Assignment :: Give the records below again exactly, and exclude each picture.

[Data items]
——————————
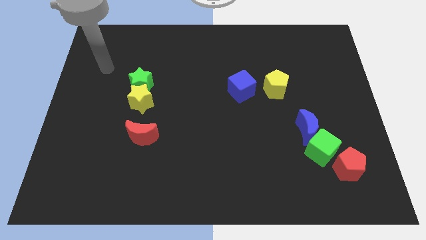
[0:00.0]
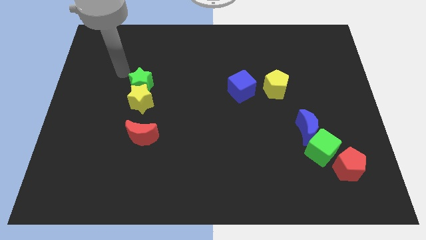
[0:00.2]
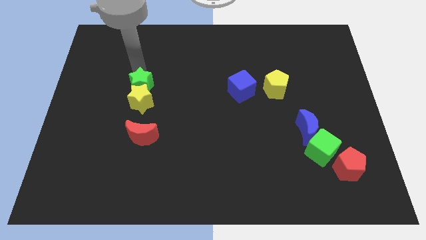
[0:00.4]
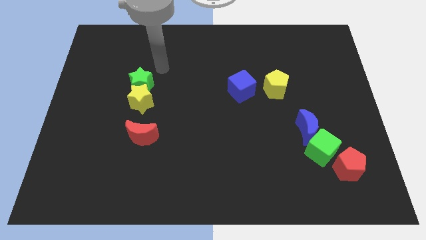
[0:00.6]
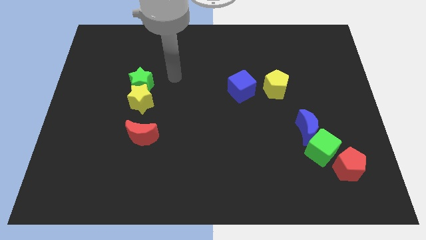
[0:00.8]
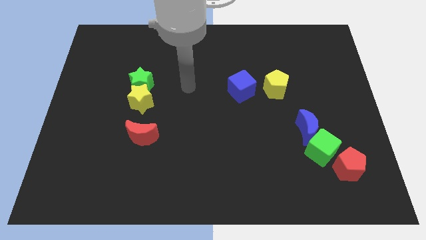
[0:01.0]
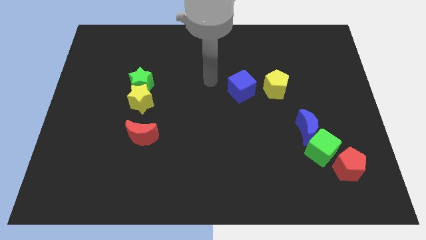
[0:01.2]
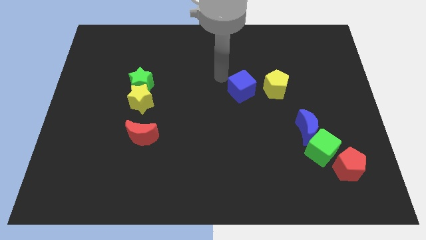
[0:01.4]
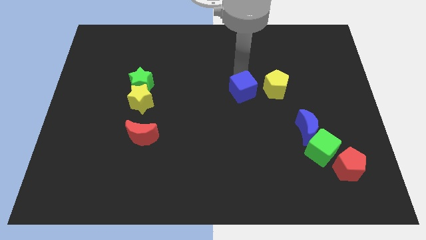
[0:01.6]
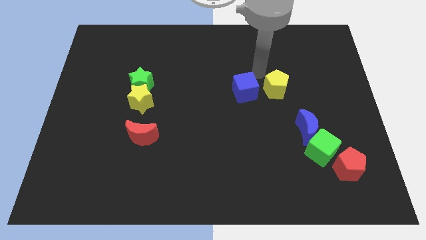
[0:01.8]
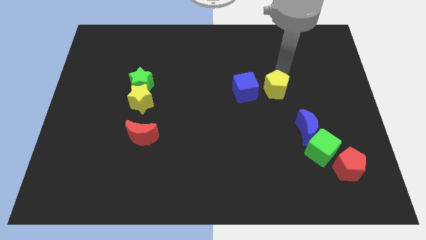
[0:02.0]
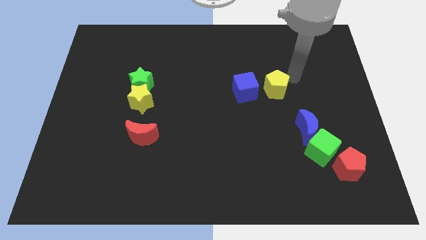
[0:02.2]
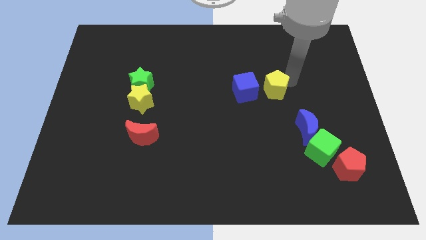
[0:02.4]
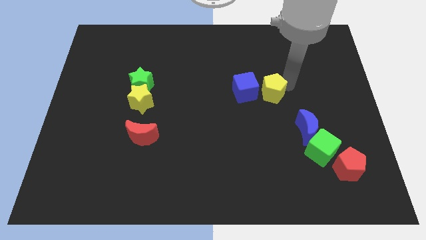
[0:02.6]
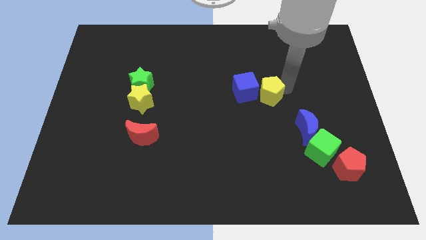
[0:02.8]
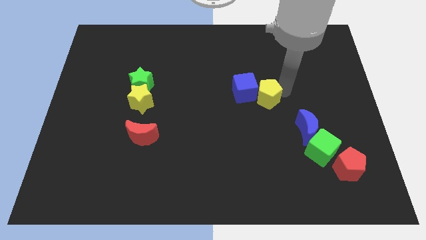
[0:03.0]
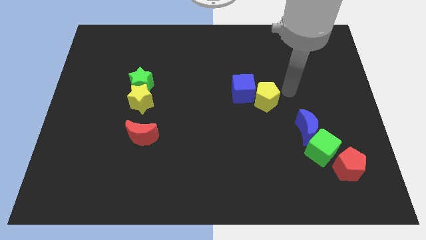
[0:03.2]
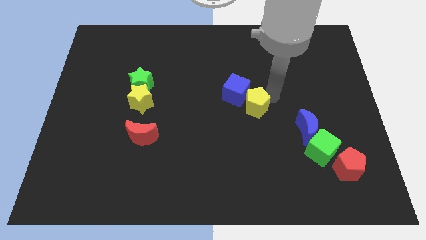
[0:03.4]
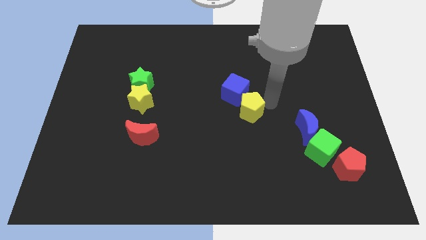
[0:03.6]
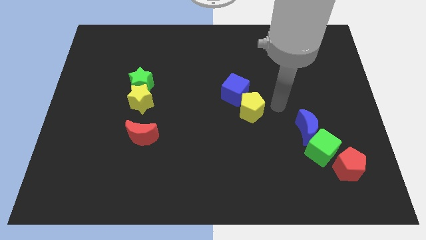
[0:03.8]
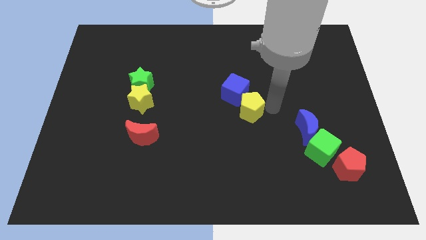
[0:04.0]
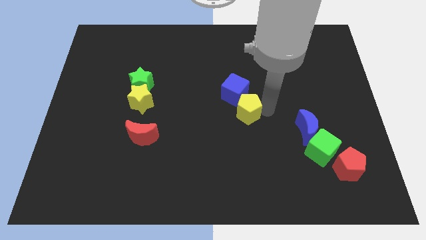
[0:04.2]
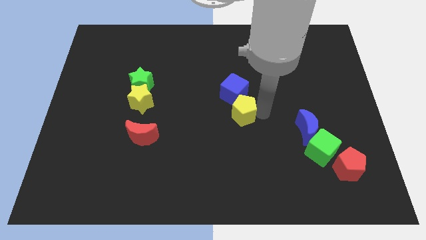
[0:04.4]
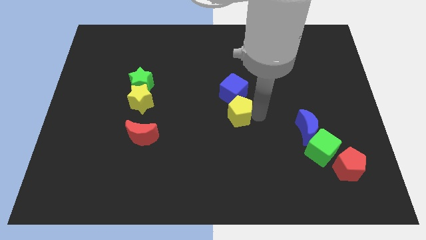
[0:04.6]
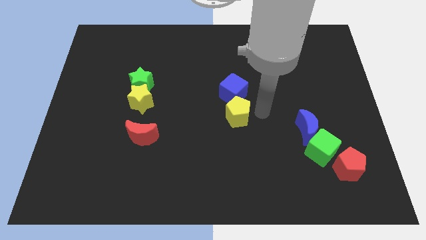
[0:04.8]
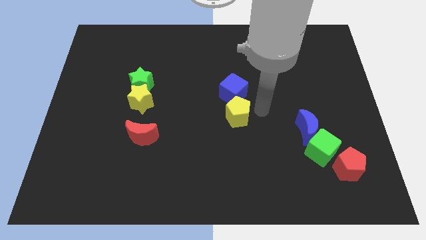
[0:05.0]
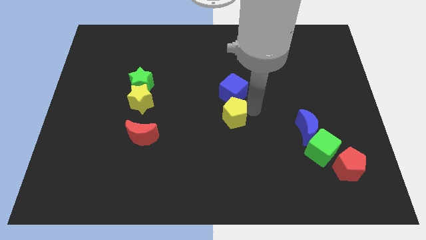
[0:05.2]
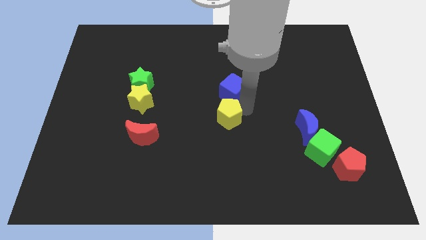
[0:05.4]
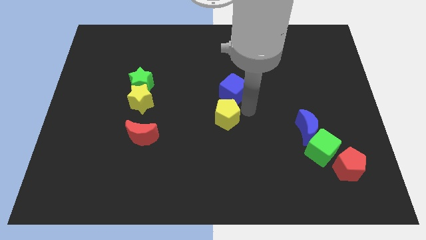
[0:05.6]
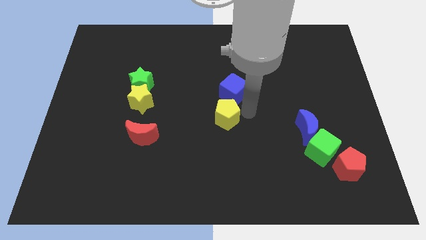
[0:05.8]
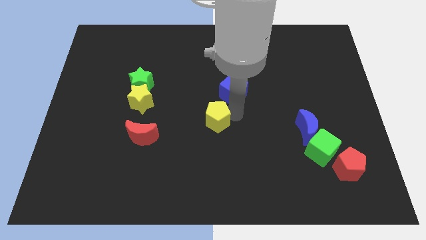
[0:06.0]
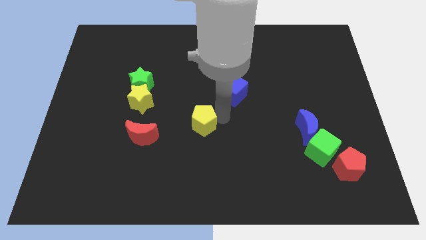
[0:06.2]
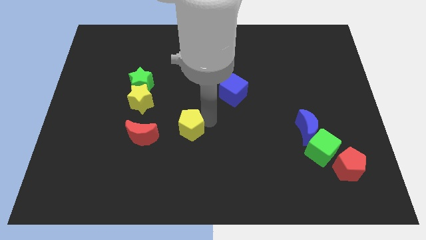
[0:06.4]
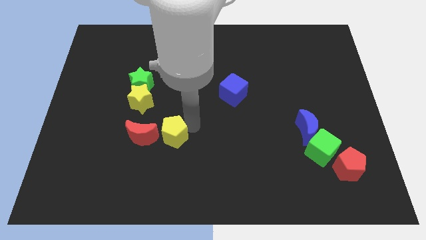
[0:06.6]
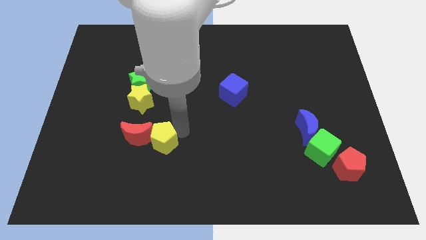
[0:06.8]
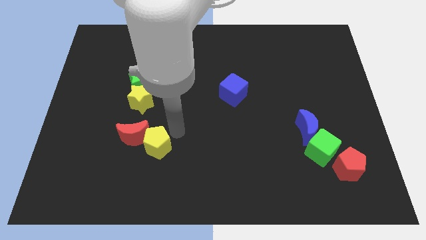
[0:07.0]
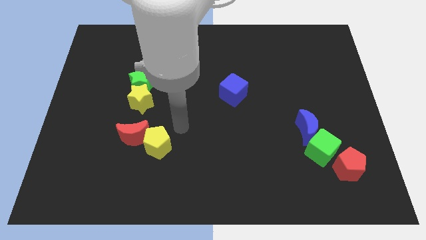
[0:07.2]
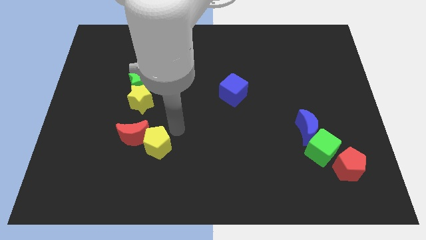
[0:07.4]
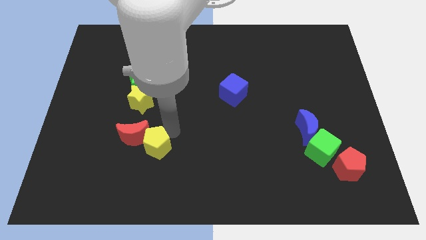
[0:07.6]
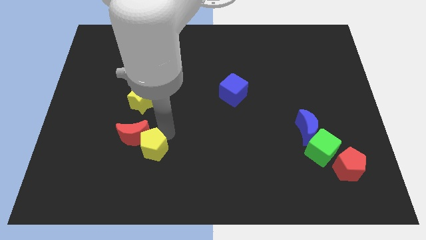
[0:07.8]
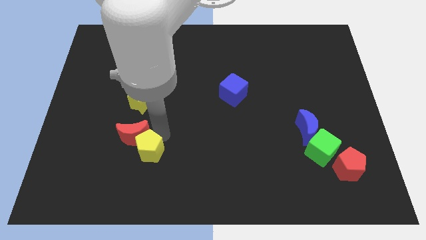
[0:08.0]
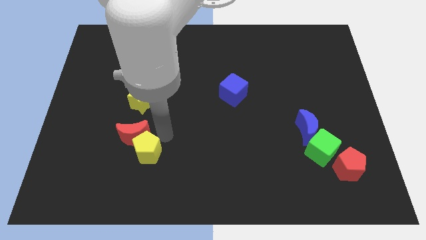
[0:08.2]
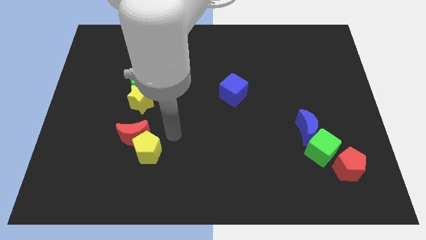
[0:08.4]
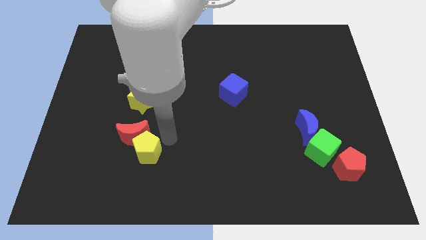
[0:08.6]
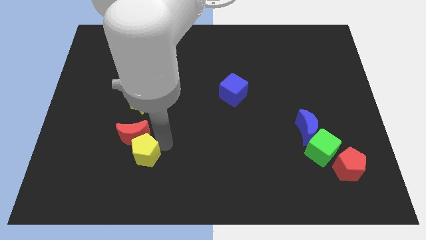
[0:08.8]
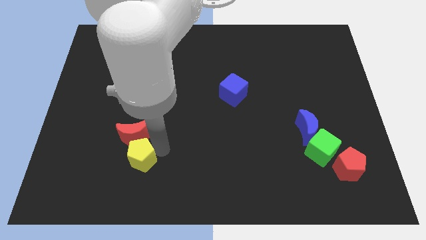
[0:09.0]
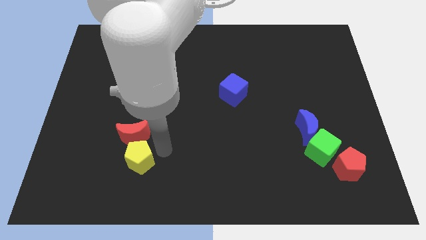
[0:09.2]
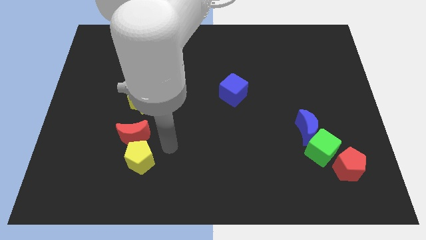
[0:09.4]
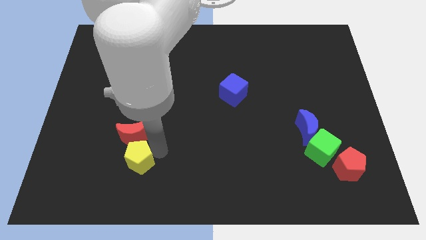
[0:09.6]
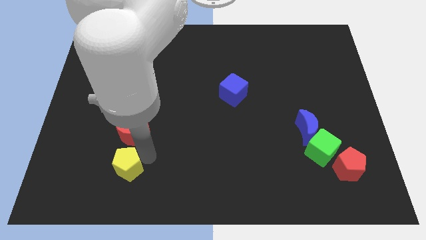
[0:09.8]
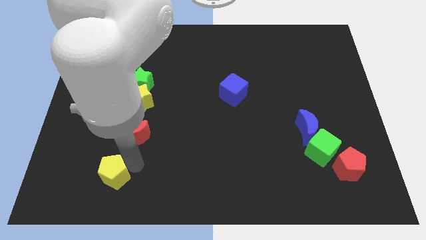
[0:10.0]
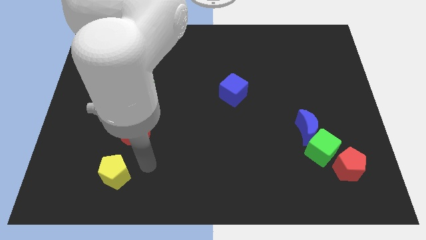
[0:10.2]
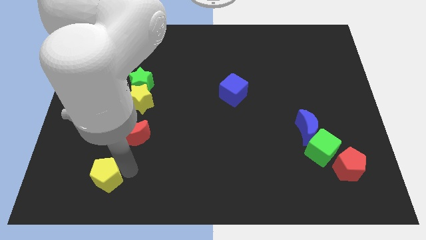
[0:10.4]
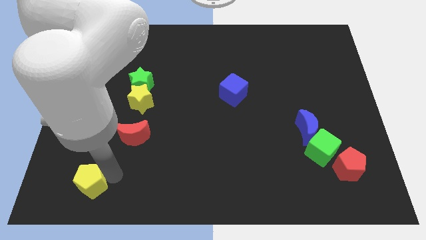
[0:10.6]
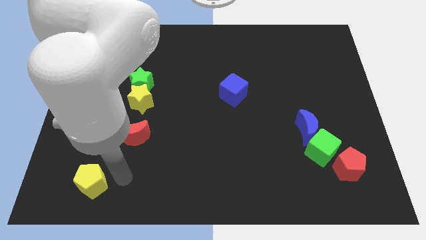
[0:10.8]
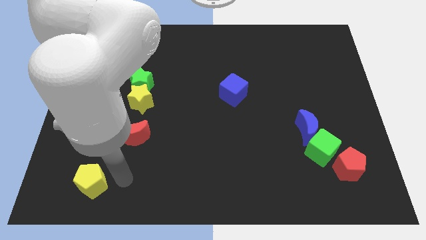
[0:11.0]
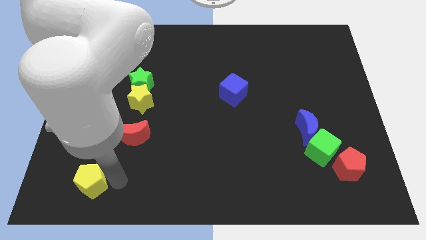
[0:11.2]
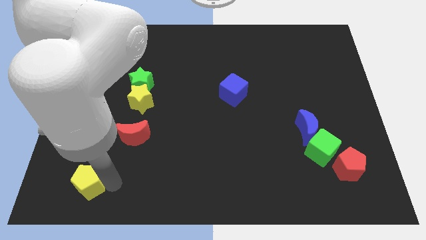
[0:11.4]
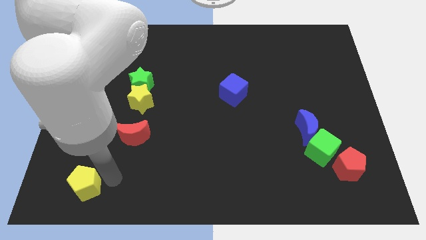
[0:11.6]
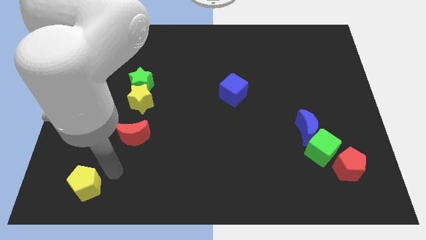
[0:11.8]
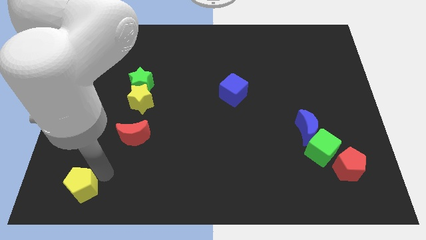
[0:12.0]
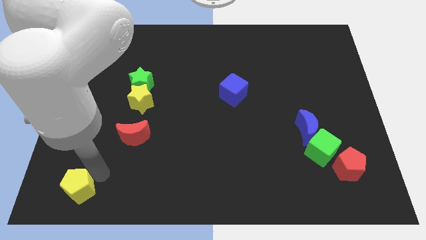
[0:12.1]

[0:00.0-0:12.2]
push the yellow pentagon to the bottom left of the board
——————————
Result for this task ::
[0:00.0]
[0:00.2]
[0:00.4]
[0:00.6]
[0:00.8]
[0:01.0]
[0:01.2]
[0:01.4]
[0:01.6]
[0:01.8]
[0:02.0]
[0:02.2]
[0:02.4]
[0:02.6]
[0:02.8]
[0:03.0]
[0:03.2]
[0:03.4]
[0:03.6]
[0:03.8]
[0:04.0]
[0:04.2]
[0:04.4]
[0:04.6]
[0:04.8]
[0:05.0]
[0:05.2]
[0:05.4]
[0:05.6]
[0:05.8]
[0:06.0]
[0:06.2]
[0:06.4]
[0:06.6]
[0:06.8]
[0:07.0]
[0:07.2]
[0:07.4]
[0:07.6]
[0:07.8]
[0:08.0]
[0:08.2]
[0:08.4]
[0:08.6]
[0:08.8]
[0:09.0]
[0:09.2]
[0:09.4]
[0:09.6]
[0:09.8]
[0:10.0]
[0:10.2]
[0:10.4]
[0:10.6]
[0:10.8]
[0:11.0]
[0:11.2]
[0:11.4]
[0:11.6]
[0:11.8]
[0:12.0]
[0:12.1]

[0:00.0-0:12.2]
push the yellow pentagon to the bottom left of the board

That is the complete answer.